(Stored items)

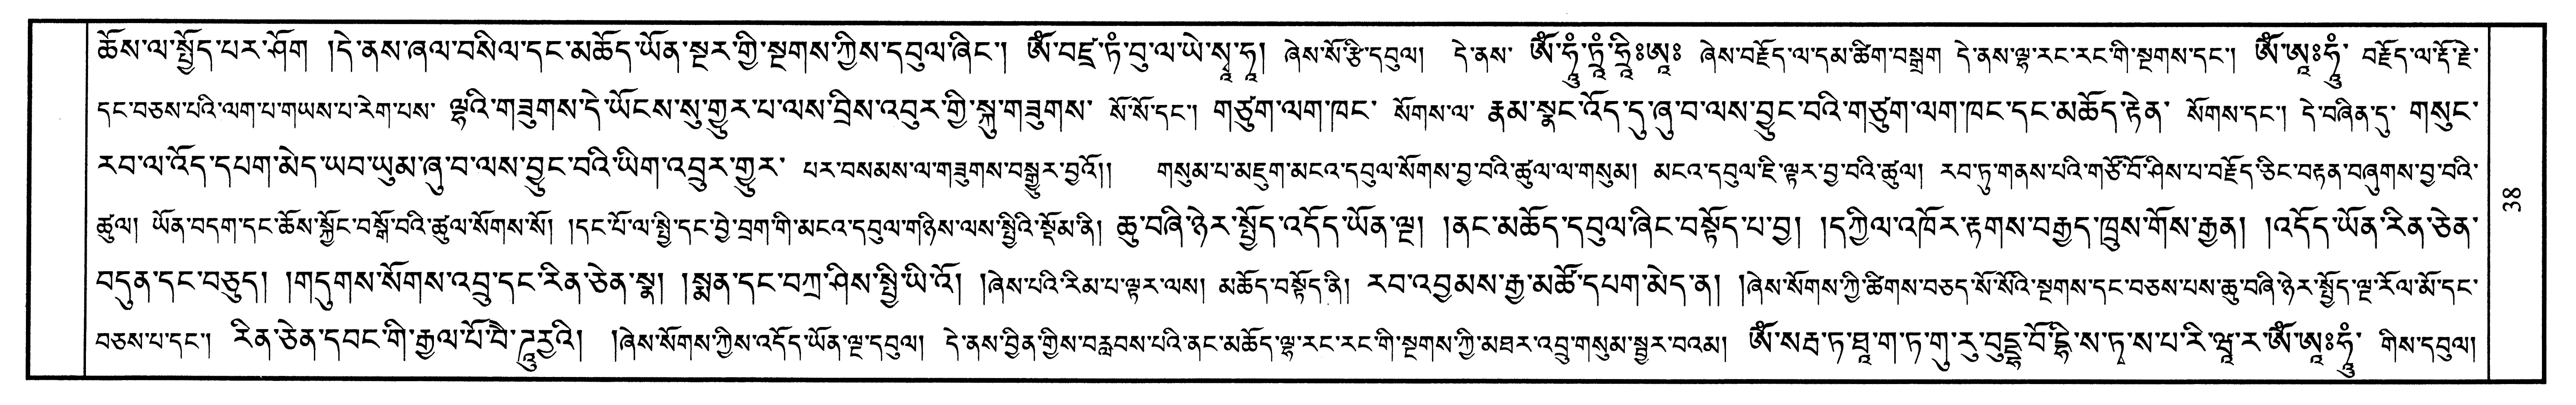ཆོས་ལ་སྤྱོད་པར་ཤོག །དེ་ནས་ཞལ་བསིལ་དང་མཆོད་ཡོན་སྔར་གྱི་སྔགས་ཀྱིས་དབུལ་ཞིང་། ཨོཾ་བཛྲ་ཏཾ་བུ་ལ་ཡེ་སྭཱ་ཧཱ། ཞེས་སོ་རྩི་དབུལ། དེ་ནས་ཨོཾ་ཧཱུཾ་ཏྲཱཾ་ཧྲཱིཿ ཨཱཿ ཞེས་བརྗོད་ལ་དམ་ཚིག་བསྒྲག་དེ་ནས་ལྷ་རང་རང་གི་སྔགས་དང་། ཨོཾ་ཨཱཿ ཧཱུཾ་བརྗོད་ལ་རྡོ་རྗེ་
དང་བཅས་པའི་ལག་པ་གཡས་པ་རེག་པས་ལྷའི་གཟུགས་དེ་ཡོངས་སུ་གྱུར་པ་ལས་བྲིས་འབུར་གྱི་སྐུ་གཟུགས་སོ་སོ་དང་། གཙུག་ལག་ཁང་སོགས་ལ་རྣམ་སྣང་འོད་དུ་ཞུ་བ་ལས་བྱུང་བའི་གཙུག་ལག་ཁང་དང་མཆོད་རྟེན་སོགས་དང་། དེ་བཞིན་དུ་གསུང་
རབ་ལ་འོད་དཔག་མེད་ཡབ་ཡུམ་ཞུ་བ་ལས་བྱུང་བའི་ཡིག་འབྲུར་གྱུར་པར་བསམས་ལ་གཟུགས་བསྒྱུར་བྱའོ།། གསུམ་པ་མཇུག་མངའ་དབུལ་སོགས་བྱ་བའི་ཚུལ་ལ་གསུམ། མངའ་དབུལ་ཇི་ལྟར་བྱ་བའི་ཚུལ། རབ་ཏུ་གནས་པའི་གཙོ་བོ་ཤིས་པ་བརྗོད་ཅིང་བརྟན་བཞུགས་བྱ་བའི་
ཚུལ། ཡོན་བདག་དང་ཆོས་སྐྱོང་བསྒོ་བའི་ཚུལ་སོགས་སོ། །དང་པོ་ལ་སྤྱི་དང་བྱེ་བྲག་གི་མངའ་དབུལ་གཉིས་ལས་སྤྱིའི་སྡོམ་ནི། ཆུ་བཞི་ཉེར་སྤྱོད་འདོད་ཡོན་ལྔ། །ནང་མཆོད་དབུལ་ཞིང་བསྟོད་པ་བྱ། །དཀྱིལ་འཁོར་རྟགས་བརྒྱད་ཁྲུས་གོས་རྒྱན། །འདོད་ཡོན་རིན་ཅེན་
བདུན་དང་བཅུད། །གདུགས་སོགས་འབྲུ་དང་རིན་ཅེན་སྣ། །སྨན་དང་བཀྲ་ཤིས་སྤྱི་ཡི་འོ། །ཞེས་པའི་རིམ་པ་ལྟར་ལས། མཆོད་བསྟོད་ནི། རབ་འབྱམས་རྒྱ་མཚོ་དཔག་མེད་ན། །ཞེས་སོགས་ཀྱི་ཚིགས་བཅད་སོ་སོའི་སྔགས་དང་བཅས་པས་ཆུ་བཞི་ཉེར་སྤྱོད་ལྔ་རོལ་མོ་དང་
བཅས་པ་དང་། རིན་ཅེན་དབང་གི་རྒྱལ་པོ་བཻ་ཌཱུརྱའི། །ཞེས་སོགས་ཀྱིས་འདོད་ཡོན་ལྔ་དབུལ། དེ་ནས་བྱིན་གྱིས་བརླབས་པའི་ནང་མཆོད་ལྷ་རང་རང་གི་སྔགས་ཀྱི་མཐར་འབྲུ་གསུམ་སྦྱར་བའམ། ཨོཾ་སརྦ་ཏ་ཐཱ་ག་ཏ་གུ་རུ་བུདྡྷ་བོ་དྷི་ས་ཏྭ་ས་པ་རི་ཝཱ་ར་ཨོཾ་ཨཱཿ ཧཱུཾ་གིས་དབུལ།

Exercise prompt
When you print the records above, keep them exact and leave out the pictures.

Result
ཆོས་ལ་སྤྱོད་པར་ཤོག །དེ་ནས་ཞལ་བསིལ་དང་མཆོད་ཡོན་སྔར་གྱི་སྔགས་ཀྱིས་དབུལ་ཞིང་། ཨོཾ་བཛྲ་ཏཾ་བུ་ལ་ཡེ་སྭཱ་ཧཱ། ཞེས་སོ་རྩི་དབུལ། དེ་ནས་ཨོཾ་ཧཱུཾ་ཏྲཱཾ་ཧྲཱིཿ ཨཱཿ ཞེས་བརྗོད་ལ་དམ་ཚིག་བསྒྲག་དེ་ནས་ལྷ་རང་རང་གི་སྔགས་དང་། ཨོཾ་ཨཱཿ ཧཱུཾ་བརྗོད་ལ་རྡོ་རྗེ་
དང་བཅས་པའི་ལག་པ་གཡས་པ་རེག་པས་ལྷའི་གཟུགས་དེ་ཡོངས་སུ་གྱུར་པ་ལས་བྲིས་འབུར་གྱི་སྐུ་གཟུགས་སོ་སོ་དང་། གཙུག་ལག་ཁང་སོགས་ལ་རྣམ་སྣང་འོད་དུ་ཞུ་བ་ལས་བྱུང་བའི་གཙུག་ལག་ཁང་དང་མཆོད་རྟེན་སོགས་དང་། དེ་བཞིན་དུ་གསུང་
རབ་ལ་འོད་དཔག་མེད་ཡབ་ཡུམ་ཞུ་བ་ལས་བྱུང་བའི་ཡིག་འབྲུར་གྱུར་པར་བསམས་ལ་གཟུགས་བསྒྱུར་བྱའོ།། གསུམ་པ་མཇུག་མངའ་དབུལ་སོགས་བྱ་བའི་ཚུལ་ལ་གསུམ། མངའ་དབུལ་ཇི་ལྟར་བྱ་བའི་ཚུལ། རབ་ཏུ་གནས་པའི་གཙོ་བོ་ཤིས་པ་བརྗོད་ཅིང་བརྟན་བཞུགས་བྱ་བའི་
ཚུལ། ཡོན་བདག་དང་ཆོས་སྐྱོང་བསྒོ་བའི་ཚུལ་སོགས་སོ། །དང་པོ་ལ་སྤྱི་དང་བྱེ་བྲག་གི་མངའ་དབུལ་གཉིས་ལས་སྤྱིའི་སྡོམ་ནི། ཆུ་བཞི་ཉེར་སྤྱོད་འདོད་ཡོན་ལྔ། །ནང་མཆོད་དབུལ་ཞིང་བསྟོད་པ་བྱ། །དཀྱིལ་འཁོར་རྟགས་བརྒྱད་ཁྲུས་གོས་རྒྱན། །འདོད་ཡོན་རིན་ཅེན་
བདུན་དང་བཅུད། །གདུགས་སོགས་འབྲུ་དང་རིན་ཅེན་སྣ། །སྨན་དང་བཀྲ་ཤིས་སྤྱི་ཡི་འོ། །ཞེས་པའི་རིམ་པ་ལྟར་ལས། མཆོད་བསྟོད་ནི། རབ་འབྱམས་རྒྱ་མཚོ་དཔག་མེད་ན། །ཞེས་སོགས་ཀྱི་ཚིགས་བཅད་སོ་སོའི་སྔགས་དང་བཅས་པས་ཆུ་བཞི་ཉེར་སྤྱོད་ལྔ་རོལ་མོ་དང་
བཅས་པ་དང་། རིན་ཅེན་དབང་གི་རྒྱལ་པོ་བཻ་ཌཱུརྱའི། །ཞེས་སོགས་ཀྱིས་འདོད་ཡོན་ལྔ་དབུལ། དེ་ནས་བྱིན་གྱིས་བརླབས་པའི་ནང་མཆོད་ལྷ་རང་རང་གི་སྔགས་ཀྱི་མཐར་འབྲུ་གསུམ་སྦྱར་བའམ། ཨོཾ་སརྦ་ཏ་ཐཱ་ག་ཏ་གུ་རུ་བུདྡྷ་བོ་དྷི་ས་ཏྭ་ས་པ་རི་ཝཱ་ར་ཨོཾ་ཨཱཿ ཧཱུཾ་གིས་དབུལ།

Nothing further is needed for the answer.